5. Why These Exaggerations Are Problematic
Even when driven by positive intentions, such simplifications can have harmful effects:
- blaming patients who do not recover despite sustained effort;
- legitimizing practices that lack scientific grounding;
- weakening trust in evidence-based care;
- blurring the distinction between therapeutic hope and implicit promise.
Neuroplasticity does not abolish illness, suffering, or disability. It offers real possibilities for change—but these possibilities are variable, unequal, and context-dependent.
6. Toward More Rigorous (and More Human) Popularization
Criticizing these excesses does not amount to denying the power of neuroplasticity. On the contrary, it allows us to respect its full complexity.
Responsible popularization should:
- clearly distinguish what is demonstrated from what remains hypothetical;
- acknowledge biological and contextual constraints;
- avoid language of promises or miracles;
- avoid placing the full responsibility for change on the individual.
✦ The brain changes throughout life.
✦ Insight can be therapeutic, sometimes decisive.

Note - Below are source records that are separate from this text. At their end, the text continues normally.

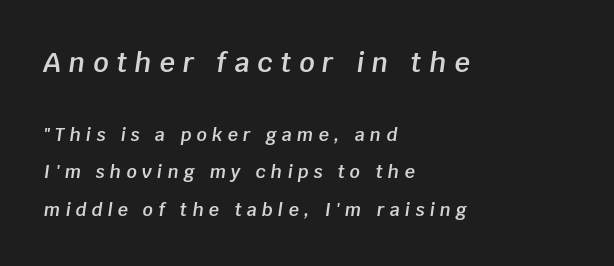
Q: Is the text bold? A: Semi-bold.
Q: Is the text italic (slanted)? A: Yes, it leans right by about 8 degrees.
Q: Is the text underlined? A: No.
Q: How is the paragraph aligned? A: Left-aligned.
Q: Is the spacing between letters normal or unusually wide? A: Unusually wide.
Q: Is the spacing between lines tight, normal or loose? A: Loose.
Q: Which block of text is set in a larger size, the first (top) or the second (bottom)? A: The first (top) one.
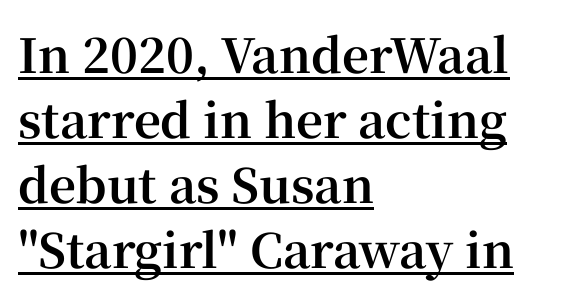
The image shows 47 px bold serif type, upright; set left-aligned, normal line spacing (1.38x), normal letter spacing, underlined; high stroke contrast and a medium x-height.
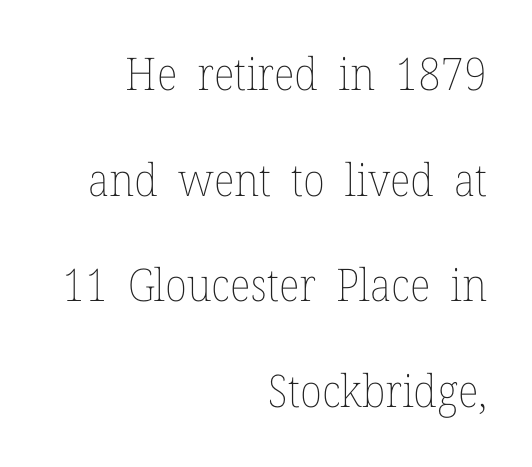
The image shows 45 px thin type, upright; set right-aligned, loose line spacing (2.35x), normal letter spacing, not underlined; low stroke contrast and a medium x-height.
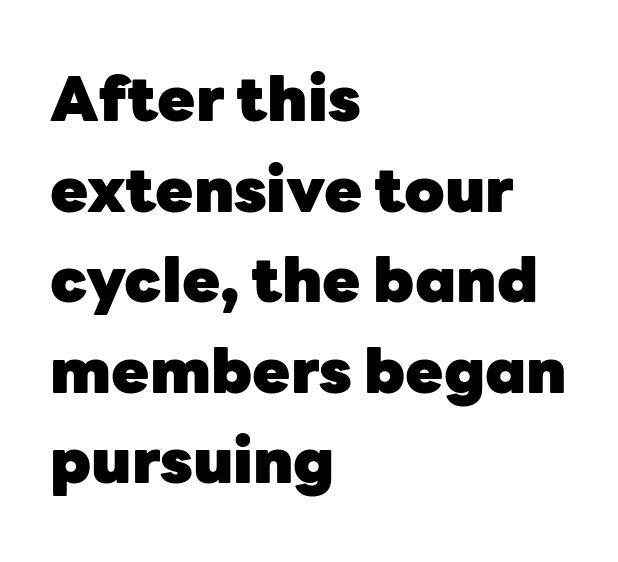
Each row of text sits above clean, open space. Grotesque or geometric, the face here clearly has no serifs. The designer left line spacing at the default. The letterforms sit shoulder to shoulder at normal distance.
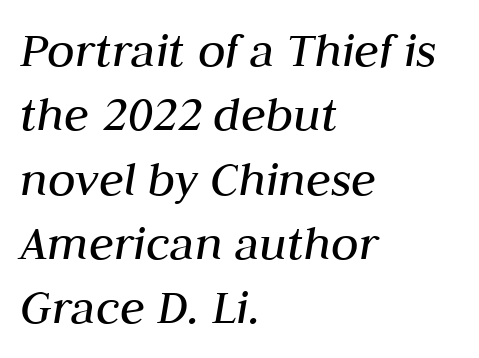
Q: Is the text bold? A: No.
Q: Is the text italic (slanted)? A: Yes, it leans right by about 10 degrees.
Q: Is the text underlined? A: No.
Q: How is the paragraph aligned? A: Left-aligned.
Q: Is the spacing between letters normal or unusually wide? A: Normal.
Q: Is the spacing between lines tight, normal or loose? A: Normal.
Q: Width (condensed, normal, or wide)? A: Normal.
Q: Stroke contrast? A: Medium.
Q: x-height? A: Medium.
Q: Monospaced? A: No.
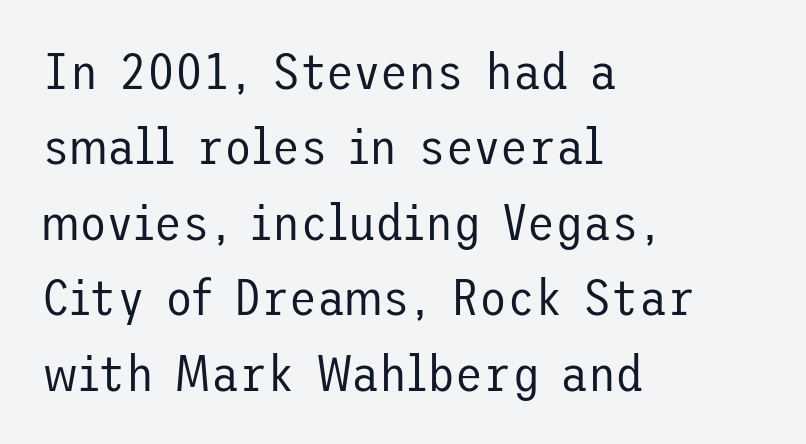
Q: Is the text bold? A: No.
Q: Is the text italic (slanted)? A: No, it is upright.
Q: Is the typeface a serif or a sans-serif typeface? A: Sans-serif.
Q: Is the text underlined? A: No.
Q: How is the paragraph aligned? A: Left-aligned.
Q: Is the spacing between letters normal or unusually wide? A: Normal.
Q: Is the spacing between lines tight, normal or loose? A: Normal.
Q: Width (condensed, normal, or wide)? A: Normal.
Q: Stroke contrast? A: Low.
Q: x-height? A: Medium.
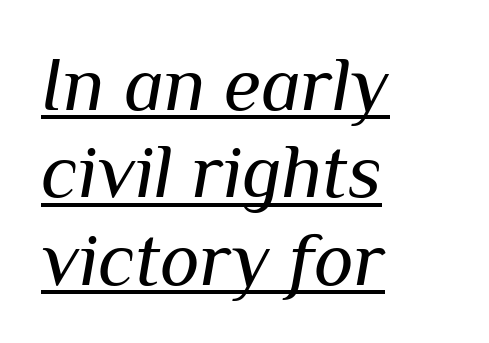
{"italic": "yes", "lean": "right", "slant_degrees": 10, "bold": "no", "weight": "regular", "width": "normal", "stroke_contrast": "medium", "x_height": "medium", "monospaced": "no", "underline": "yes", "align": "left", "line_spacing": "tight", "line_spacing_ratio": 1.15, "letter_spacing": "normal", "letter_spacing_em": 0.0, "glyph_px": 76}
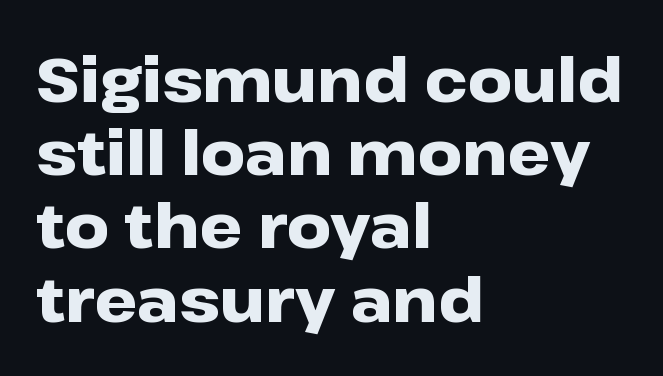
The axis of the letterforms is exactly vertical. Font category for this specimen: sans-serif. The passage shown is not underscored anywhere. The face used here is rendered with its standard letterfit. The lines in this sample share a left origin and differ only in where they stop. Do the characters align in a grid? No, the font is proportional.
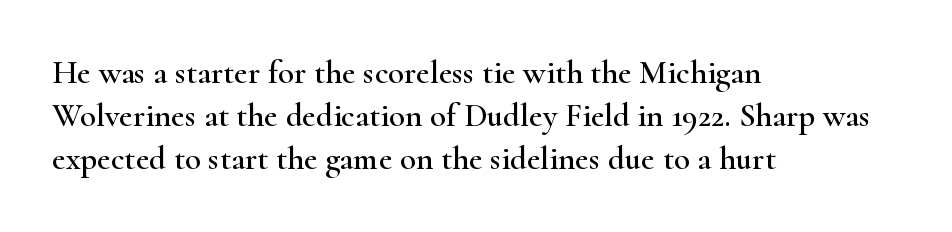
Q: Is the text italic (slanted)? A: No, it is upright.
Q: Is the typeface a serif or a sans-serif typeface? A: Serif.
Q: Is the text underlined? A: No.
Q: How is the paragraph aligned? A: Left-aligned.
Q: Is the spacing between letters normal or unusually wide? A: Normal.
Q: Is the spacing between lines tight, normal or loose? A: Normal.
Q: Width (condensed, normal, or wide)? A: Wide.
Q: Stroke contrast? A: High.
Q: x-height? A: Small.
Q: Monospaced? A: No.
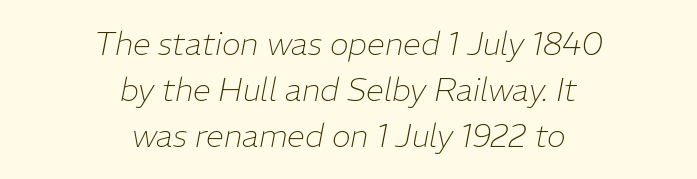
The image shows 32 px thin type, italic (leaning right); set centered, normal line spacing (1.43x), normal letter spacing, not underlined; low stroke contrast and a medium x-height.
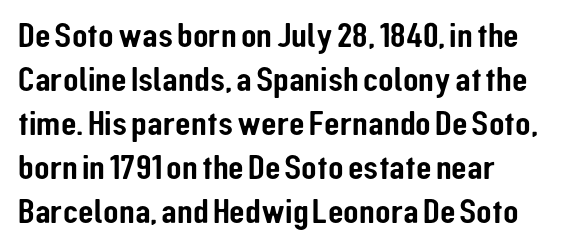
Q: Is the text italic (slanted)? A: No, it is upright.
Q: Is the typeface a serif or a sans-serif typeface? A: Sans-serif.
Q: Is the text underlined? A: No.
Q: How is the paragraph aligned? A: Left-aligned.
Q: Is the spacing between letters normal or unusually wide? A: Normal.
Q: Width (condensed, normal, or wide)? A: Condensed.
Q: Stroke contrast? A: Low.
Q: x-height? A: Medium.
Q: Monospaced? A: No.
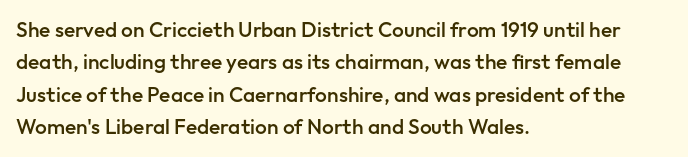
Italic? Not at all — the glyphs are vertical. Visually the block forms a straight wall on the left and a jagged coastline on the right. The horizontal fit of the characters is conventional and even. No word sits above an underline.
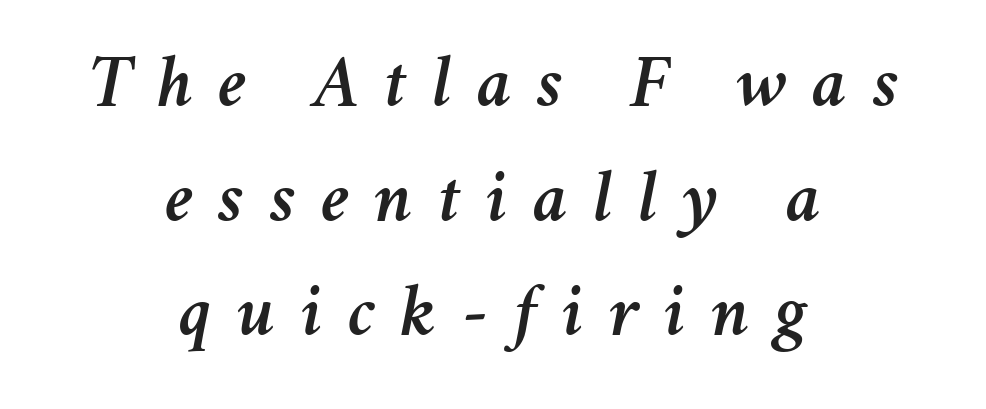
Q: Is the text italic (slanted)? A: Yes, it leans right by about 11 degrees.
Q: Is the text underlined? A: No.
Q: How is the paragraph aligned? A: Centered.
Q: Is the spacing between letters normal or unusually wide? A: Unusually wide.
Q: Is the spacing between lines tight, normal or loose? A: Normal.
Q: Width (condensed, normal, or wide)? A: Normal.
Q: Stroke contrast? A: Medium.
Q: x-height? A: Medium.
Q: Monospaced? A: No.
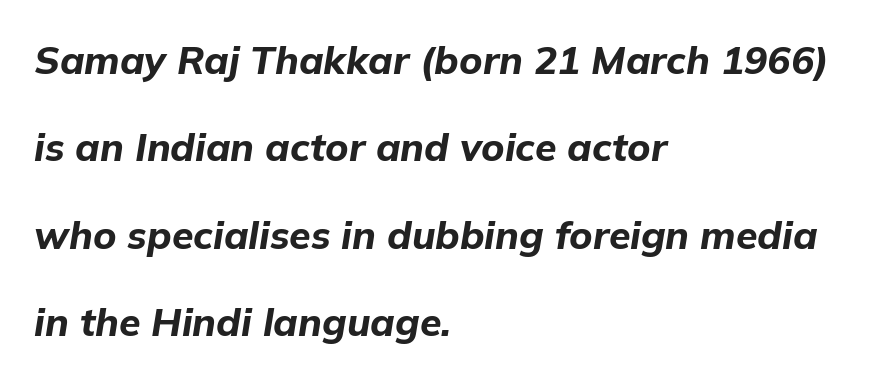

✦ But brain change is neither automatic nor entirely governed by willpower.
Conclusion
Neuroplasticity is one of the most fascinating concepts in contemporary neuroscience. But when it is turned into a slogan or an ideological tool, it loses its scientific rigor—and sometimes its humanity.
Perhaps the message most faithful to current science would be this:
the brain is capable of change throughout life, sometimes in remarkable ways, but always under constraints. Acknowledging these limits is not a setback—it is a condition for rigor and respect for the people concerned.